The lines from the start of the data through the line with "نواز شریف عدالتی" are to be returned verbatim; all later lines are to be omitted.

**Records for the exercise**
════════════════

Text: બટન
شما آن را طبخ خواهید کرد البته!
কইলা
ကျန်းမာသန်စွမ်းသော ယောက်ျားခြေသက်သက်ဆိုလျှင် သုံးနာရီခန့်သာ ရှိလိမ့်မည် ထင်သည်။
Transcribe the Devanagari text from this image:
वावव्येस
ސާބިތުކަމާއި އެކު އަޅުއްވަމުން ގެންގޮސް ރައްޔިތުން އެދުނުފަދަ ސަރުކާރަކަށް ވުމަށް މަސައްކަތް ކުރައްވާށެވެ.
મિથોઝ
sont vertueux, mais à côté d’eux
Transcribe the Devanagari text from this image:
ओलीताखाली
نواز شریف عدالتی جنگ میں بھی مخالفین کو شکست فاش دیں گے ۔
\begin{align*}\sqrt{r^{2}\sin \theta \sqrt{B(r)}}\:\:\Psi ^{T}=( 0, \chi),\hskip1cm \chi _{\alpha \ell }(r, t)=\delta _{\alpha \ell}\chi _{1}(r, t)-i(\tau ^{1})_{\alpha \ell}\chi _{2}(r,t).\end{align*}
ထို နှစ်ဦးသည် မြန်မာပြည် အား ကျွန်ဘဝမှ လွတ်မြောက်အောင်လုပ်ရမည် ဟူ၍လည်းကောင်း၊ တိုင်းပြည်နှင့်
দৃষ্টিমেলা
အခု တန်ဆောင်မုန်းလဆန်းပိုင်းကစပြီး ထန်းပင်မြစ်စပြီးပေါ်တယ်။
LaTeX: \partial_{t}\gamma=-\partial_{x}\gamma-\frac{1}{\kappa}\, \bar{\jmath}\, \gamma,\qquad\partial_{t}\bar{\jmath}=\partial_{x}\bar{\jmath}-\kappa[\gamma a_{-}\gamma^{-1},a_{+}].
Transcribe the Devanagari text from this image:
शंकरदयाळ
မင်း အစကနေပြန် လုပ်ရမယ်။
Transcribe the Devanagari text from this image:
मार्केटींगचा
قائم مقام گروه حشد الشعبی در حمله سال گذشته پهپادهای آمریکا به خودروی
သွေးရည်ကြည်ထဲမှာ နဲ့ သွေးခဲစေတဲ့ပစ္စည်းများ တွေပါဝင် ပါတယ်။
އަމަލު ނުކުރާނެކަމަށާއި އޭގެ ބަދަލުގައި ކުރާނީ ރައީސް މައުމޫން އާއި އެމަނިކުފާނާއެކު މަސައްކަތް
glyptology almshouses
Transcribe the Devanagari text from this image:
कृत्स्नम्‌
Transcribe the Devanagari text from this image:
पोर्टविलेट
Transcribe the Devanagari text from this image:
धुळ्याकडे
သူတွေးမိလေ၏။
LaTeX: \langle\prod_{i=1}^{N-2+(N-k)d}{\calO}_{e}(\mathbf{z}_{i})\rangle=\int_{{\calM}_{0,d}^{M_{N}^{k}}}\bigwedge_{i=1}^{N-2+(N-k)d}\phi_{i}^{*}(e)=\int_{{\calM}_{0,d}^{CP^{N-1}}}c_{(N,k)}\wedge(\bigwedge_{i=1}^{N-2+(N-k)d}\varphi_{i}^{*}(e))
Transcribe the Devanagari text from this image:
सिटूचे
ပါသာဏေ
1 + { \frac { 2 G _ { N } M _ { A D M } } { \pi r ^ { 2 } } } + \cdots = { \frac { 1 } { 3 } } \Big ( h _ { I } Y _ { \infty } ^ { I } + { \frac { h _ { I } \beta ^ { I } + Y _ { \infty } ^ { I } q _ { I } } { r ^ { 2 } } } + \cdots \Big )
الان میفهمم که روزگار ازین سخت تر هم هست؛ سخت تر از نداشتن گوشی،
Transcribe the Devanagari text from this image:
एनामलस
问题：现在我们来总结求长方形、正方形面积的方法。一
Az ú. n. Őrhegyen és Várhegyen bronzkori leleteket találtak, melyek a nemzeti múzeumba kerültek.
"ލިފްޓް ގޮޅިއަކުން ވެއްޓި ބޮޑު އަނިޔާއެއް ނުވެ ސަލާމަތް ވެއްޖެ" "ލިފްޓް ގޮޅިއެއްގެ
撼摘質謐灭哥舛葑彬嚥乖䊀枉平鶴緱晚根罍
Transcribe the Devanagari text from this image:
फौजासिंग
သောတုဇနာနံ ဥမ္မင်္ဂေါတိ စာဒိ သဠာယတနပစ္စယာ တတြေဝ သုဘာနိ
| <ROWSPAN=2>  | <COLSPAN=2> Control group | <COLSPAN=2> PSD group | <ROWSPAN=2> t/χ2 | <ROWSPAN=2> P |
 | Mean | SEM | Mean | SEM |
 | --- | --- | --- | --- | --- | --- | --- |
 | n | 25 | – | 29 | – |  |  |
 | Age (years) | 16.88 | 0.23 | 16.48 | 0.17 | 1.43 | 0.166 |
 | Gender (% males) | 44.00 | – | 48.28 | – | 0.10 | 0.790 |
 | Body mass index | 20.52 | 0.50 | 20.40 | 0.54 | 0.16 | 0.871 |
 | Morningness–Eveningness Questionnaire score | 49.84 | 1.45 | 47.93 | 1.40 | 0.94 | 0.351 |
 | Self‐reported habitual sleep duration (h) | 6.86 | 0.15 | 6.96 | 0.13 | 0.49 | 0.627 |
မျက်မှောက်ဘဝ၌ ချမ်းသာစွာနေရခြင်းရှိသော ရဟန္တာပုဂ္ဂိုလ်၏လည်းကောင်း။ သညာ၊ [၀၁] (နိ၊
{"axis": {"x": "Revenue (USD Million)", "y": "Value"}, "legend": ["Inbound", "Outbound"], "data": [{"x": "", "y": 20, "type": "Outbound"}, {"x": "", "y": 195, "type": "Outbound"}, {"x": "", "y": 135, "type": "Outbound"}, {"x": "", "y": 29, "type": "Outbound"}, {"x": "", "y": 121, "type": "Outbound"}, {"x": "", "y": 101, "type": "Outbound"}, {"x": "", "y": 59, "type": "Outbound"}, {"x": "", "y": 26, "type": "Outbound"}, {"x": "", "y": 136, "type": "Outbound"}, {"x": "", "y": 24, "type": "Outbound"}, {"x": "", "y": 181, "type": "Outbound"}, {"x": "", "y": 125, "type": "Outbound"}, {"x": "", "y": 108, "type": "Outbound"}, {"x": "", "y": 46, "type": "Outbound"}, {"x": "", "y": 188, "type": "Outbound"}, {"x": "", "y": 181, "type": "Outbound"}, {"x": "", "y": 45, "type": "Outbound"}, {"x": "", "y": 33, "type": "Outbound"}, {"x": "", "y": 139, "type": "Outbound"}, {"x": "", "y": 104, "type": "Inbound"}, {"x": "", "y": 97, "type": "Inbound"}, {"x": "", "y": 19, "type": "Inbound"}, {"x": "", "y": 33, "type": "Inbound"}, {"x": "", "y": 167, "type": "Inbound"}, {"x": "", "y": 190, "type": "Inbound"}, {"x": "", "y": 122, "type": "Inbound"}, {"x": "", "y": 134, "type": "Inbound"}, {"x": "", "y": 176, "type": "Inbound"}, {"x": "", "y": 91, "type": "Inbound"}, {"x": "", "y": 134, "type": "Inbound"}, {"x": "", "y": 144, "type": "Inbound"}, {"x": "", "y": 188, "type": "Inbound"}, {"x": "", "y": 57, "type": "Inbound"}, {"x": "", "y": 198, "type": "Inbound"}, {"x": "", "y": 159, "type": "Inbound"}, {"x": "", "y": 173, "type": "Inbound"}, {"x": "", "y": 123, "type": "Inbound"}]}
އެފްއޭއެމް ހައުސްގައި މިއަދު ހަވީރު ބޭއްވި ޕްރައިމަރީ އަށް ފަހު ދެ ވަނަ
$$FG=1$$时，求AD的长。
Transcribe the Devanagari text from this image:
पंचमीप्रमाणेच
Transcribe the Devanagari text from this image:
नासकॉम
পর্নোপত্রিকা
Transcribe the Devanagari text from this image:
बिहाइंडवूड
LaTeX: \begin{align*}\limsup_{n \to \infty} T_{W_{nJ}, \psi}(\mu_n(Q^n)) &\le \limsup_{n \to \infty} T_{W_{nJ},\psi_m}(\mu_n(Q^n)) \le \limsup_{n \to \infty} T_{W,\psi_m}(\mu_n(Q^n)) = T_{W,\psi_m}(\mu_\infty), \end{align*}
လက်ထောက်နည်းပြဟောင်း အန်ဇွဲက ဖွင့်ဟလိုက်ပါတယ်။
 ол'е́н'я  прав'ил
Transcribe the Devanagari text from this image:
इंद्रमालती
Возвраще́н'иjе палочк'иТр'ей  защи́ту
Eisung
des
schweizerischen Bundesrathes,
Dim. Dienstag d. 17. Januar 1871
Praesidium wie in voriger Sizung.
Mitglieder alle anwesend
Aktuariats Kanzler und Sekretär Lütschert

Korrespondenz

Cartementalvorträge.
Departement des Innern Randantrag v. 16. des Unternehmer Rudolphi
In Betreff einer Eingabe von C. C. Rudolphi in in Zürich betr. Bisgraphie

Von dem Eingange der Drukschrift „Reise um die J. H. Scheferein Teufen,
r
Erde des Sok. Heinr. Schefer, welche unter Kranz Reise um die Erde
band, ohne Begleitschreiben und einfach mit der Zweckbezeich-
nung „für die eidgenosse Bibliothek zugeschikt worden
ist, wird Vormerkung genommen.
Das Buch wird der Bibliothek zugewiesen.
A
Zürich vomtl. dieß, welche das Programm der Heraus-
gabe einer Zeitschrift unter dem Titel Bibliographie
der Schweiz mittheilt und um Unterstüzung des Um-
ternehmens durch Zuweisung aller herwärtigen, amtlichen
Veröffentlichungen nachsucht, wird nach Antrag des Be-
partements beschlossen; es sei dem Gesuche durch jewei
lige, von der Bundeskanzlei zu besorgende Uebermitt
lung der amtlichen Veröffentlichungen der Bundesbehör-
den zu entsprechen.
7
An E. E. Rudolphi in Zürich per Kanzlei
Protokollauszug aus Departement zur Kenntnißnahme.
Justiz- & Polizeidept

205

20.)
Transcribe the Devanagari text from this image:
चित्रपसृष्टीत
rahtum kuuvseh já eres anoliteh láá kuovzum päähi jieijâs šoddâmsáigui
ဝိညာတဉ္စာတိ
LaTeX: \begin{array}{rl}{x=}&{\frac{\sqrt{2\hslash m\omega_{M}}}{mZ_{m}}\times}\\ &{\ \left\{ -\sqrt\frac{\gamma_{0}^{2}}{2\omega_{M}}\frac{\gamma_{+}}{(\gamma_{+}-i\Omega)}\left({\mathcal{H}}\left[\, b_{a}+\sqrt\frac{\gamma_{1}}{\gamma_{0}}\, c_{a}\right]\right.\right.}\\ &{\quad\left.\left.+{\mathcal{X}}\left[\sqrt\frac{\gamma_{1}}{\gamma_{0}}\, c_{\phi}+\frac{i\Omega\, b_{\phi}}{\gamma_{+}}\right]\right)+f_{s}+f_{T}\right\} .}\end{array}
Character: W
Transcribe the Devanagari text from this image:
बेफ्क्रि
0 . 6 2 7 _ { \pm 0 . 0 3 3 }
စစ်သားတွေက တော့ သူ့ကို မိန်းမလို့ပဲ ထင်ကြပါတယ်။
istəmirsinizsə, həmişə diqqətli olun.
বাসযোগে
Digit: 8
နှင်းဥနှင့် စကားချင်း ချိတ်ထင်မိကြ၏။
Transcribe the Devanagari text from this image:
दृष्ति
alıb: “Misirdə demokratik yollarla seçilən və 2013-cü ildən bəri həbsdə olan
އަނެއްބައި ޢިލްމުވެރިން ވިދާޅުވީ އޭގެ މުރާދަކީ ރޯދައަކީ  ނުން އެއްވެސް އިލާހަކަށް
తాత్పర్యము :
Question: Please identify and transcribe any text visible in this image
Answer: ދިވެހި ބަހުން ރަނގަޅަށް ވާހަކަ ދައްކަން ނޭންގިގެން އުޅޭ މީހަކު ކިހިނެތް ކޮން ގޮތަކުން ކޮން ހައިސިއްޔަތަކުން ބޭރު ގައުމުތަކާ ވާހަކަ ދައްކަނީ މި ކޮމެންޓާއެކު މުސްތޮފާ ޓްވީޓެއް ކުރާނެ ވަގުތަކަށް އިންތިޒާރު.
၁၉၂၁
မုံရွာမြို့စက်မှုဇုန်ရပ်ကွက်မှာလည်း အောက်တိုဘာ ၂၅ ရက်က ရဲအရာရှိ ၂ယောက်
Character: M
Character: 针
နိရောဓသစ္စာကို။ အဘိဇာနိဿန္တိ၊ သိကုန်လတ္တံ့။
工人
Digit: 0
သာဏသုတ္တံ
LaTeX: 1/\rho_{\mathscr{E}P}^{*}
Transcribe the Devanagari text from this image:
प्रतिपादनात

════════════════

**Answer below**
Text: બટન
شما آن را طبخ خواهید کرد البته!
কইলা
ကျန်းမာသန်စွမ်းသော ယောက်ျားခြေသက်သက်ဆိုလျှင် သုံးနာရီခန့်သာ ရှိလိမ့်မည် ထင်သည်။
Transcribe the Devanagari text from this image:
वावव्येस
ސާބިތުކަމާއި އެކު އަޅުއްވަމުން ގެންގޮސް ރައްޔިތުން އެދުނުފަދަ ސަރުކާރަކަށް ވުމަށް މަސައްކަތް ކުރައްވާށެވެ.
મિથોઝ
sont vertueux, mais à côté d’eux
Transcribe the Devanagari text from this image:
ओलीताखाली
نواز شریف عدالتی جنگ میں بھی مخالفین کو شکست فاش دیں گے ۔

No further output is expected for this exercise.